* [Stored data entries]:
——————————

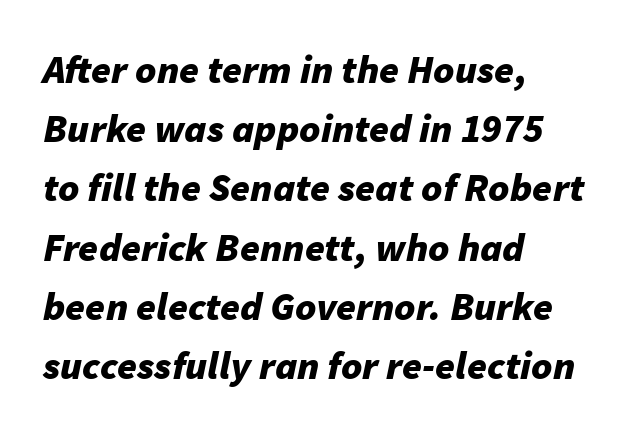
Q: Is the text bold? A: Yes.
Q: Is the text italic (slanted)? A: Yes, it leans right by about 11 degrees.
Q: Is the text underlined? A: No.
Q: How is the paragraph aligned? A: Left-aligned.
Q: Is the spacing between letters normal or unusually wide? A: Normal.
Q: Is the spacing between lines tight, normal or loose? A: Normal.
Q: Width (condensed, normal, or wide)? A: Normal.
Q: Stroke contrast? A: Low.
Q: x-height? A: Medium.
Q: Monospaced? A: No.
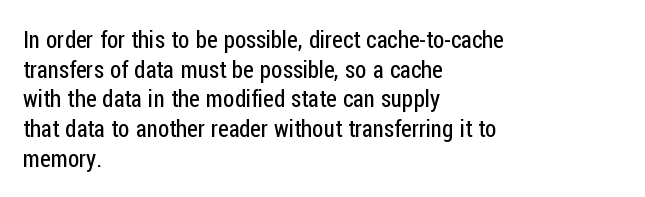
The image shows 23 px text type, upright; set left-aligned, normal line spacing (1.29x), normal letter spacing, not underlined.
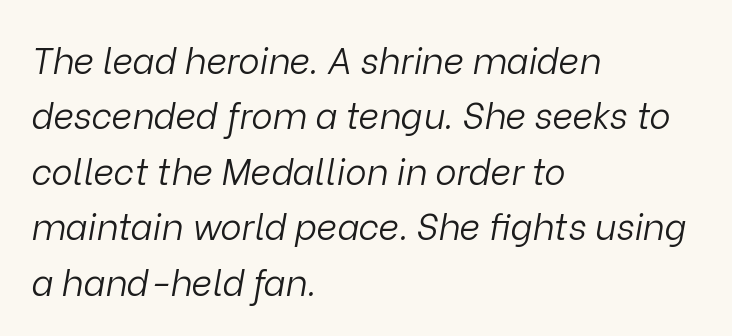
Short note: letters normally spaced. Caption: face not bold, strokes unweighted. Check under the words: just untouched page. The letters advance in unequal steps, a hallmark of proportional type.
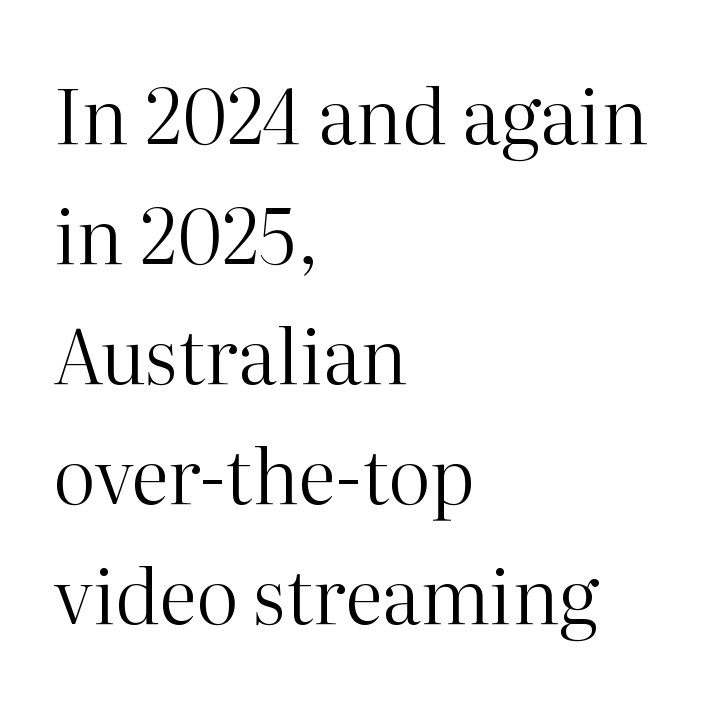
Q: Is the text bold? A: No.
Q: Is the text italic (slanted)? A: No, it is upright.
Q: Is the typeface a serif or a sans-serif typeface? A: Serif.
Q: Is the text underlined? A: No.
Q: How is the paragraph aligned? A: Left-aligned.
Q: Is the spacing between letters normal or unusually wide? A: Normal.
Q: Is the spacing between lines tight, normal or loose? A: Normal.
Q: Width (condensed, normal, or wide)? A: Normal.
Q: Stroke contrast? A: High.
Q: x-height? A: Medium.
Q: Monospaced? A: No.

——————————

Could the data be reproduced exactly, with the pictures omitted?

* [ANSWER AREA]:
Q: Is the text bold? A: Yes.
Q: Is the text italic (slanted)? A: Yes, it leans right by about 11 degrees.
Q: Is the text underlined? A: No.
Q: How is the paragraph aligned? A: Left-aligned.
Q: Is the spacing between letters normal or unusually wide? A: Normal.
Q: Is the spacing between lines tight, normal or loose? A: Normal.
Q: Width (condensed, normal, or wide)? A: Normal.
Q: Stroke contrast? A: Low.
Q: x-height? A: Medium.
Q: Monospaced? A: No.
The image shows 23 px text type, upright; set left-aligned, normal line spacing (1.29x), normal letter spacing, not underlined.
Short note: letters normally spaced. Caption: face not bold, strokes unweighted. Check under the words: just untouched page. The letters advance in unequal steps, a hallmark of proportional type.
Q: Is the text bold? A: No.
Q: Is the text italic (slanted)? A: No, it is upright.
Q: Is the typeface a serif or a sans-serif typeface? A: Serif.
Q: Is the text underlined? A: No.
Q: How is the paragraph aligned? A: Left-aligned.
Q: Is the spacing between letters normal or unusually wide? A: Normal.
Q: Is the spacing between lines tight, normal or loose? A: Normal.
Q: Width (condensed, normal, or wide)? A: Normal.
Q: Stroke contrast? A: High.
Q: x-height? A: Medium.
Q: Monospaced? A: No.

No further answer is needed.